I saw the following question from M. Artin's book, Algebra.
I simply need to show the the functions $\cos x$, $\sin x$ and $e^x$ are independent. I have no idea how to show their independence.
Any help is appreciated but hints are appreciated more than the answer itself. If only the method of proving that the three scalars will identically equal to $0$ is mentioned, I'll be grateful.
Functions are dependent if they are linear combinations of each other, i.e. if there exists some $\alpha, \beta,\gamma$ such that the function $f=\alpha \cos + \beta\sin + \gamma \exp$ is zero.
But what does it mean for $f$ to be "zero"? What is the zero vector in the space of all functions? Well, you probably know that that's the function that maps **all ** values of $x$ to $0$.
So, you now need to find $\alpha, \beta, \gamma$ such that $\alpha\cos x + \beta\sin x + \gamma e^x$ is true for all real values $x$!
From the definition for linear independence you should show that if $a,b,c\in\mathbb R$ and $a\cos x+b\sin x+c e^x\equiv 0$ then $a=b=c=0$.
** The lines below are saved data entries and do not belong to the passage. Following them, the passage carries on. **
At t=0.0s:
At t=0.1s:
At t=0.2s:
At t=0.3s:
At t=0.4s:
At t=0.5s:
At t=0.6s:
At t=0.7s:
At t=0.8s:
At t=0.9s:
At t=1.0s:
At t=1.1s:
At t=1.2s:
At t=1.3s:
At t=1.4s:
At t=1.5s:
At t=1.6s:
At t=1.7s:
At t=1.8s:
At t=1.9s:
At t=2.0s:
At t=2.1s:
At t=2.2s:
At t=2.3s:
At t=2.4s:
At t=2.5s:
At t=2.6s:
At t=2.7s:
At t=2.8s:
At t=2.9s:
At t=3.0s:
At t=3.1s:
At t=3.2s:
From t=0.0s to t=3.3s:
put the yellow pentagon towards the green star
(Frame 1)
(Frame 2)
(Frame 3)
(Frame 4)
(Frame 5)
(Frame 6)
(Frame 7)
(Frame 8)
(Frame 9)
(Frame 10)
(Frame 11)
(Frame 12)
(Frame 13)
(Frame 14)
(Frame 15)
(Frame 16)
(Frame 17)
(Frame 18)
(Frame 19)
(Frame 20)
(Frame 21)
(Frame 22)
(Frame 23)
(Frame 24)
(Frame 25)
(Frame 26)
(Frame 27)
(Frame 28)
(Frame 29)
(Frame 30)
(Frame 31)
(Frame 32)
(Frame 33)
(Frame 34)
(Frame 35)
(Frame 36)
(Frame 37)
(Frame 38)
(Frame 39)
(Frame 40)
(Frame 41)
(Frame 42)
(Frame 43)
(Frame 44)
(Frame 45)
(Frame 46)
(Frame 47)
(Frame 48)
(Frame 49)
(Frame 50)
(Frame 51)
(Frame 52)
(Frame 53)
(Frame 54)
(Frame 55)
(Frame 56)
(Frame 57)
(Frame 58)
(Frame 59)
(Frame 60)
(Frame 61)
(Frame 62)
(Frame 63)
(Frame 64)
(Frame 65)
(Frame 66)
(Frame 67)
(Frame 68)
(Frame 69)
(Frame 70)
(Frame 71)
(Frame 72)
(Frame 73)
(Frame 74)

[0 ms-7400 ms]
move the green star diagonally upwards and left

Because the equality should be satisfied for all $x\in \mathbb R$, then choose for example $x=0$, $x=\pi/2$, $x=\pi$. Then look at the determinant of the corresponding homogeneous linear system for the coefficients $a,b,c$
You need to show that if the function $f(x) = \alpha \cos\,x + \beta \sin\,x + \gamma \exp\,x$ is $0$ for all $x$ then $\alpha = \beta = \gamma = 0$. To see that $\gamma = 0$, note that $\exp\,x$ is unbounded as $x$ tends to infinity while $\sin\,x$ and $\cos\,x$ are bounded. Given $\gamma = 0$, to see that $\alpha = \beta = 0$, note $f(0) = \beta$ while $f(\pi/2) = \alpha$.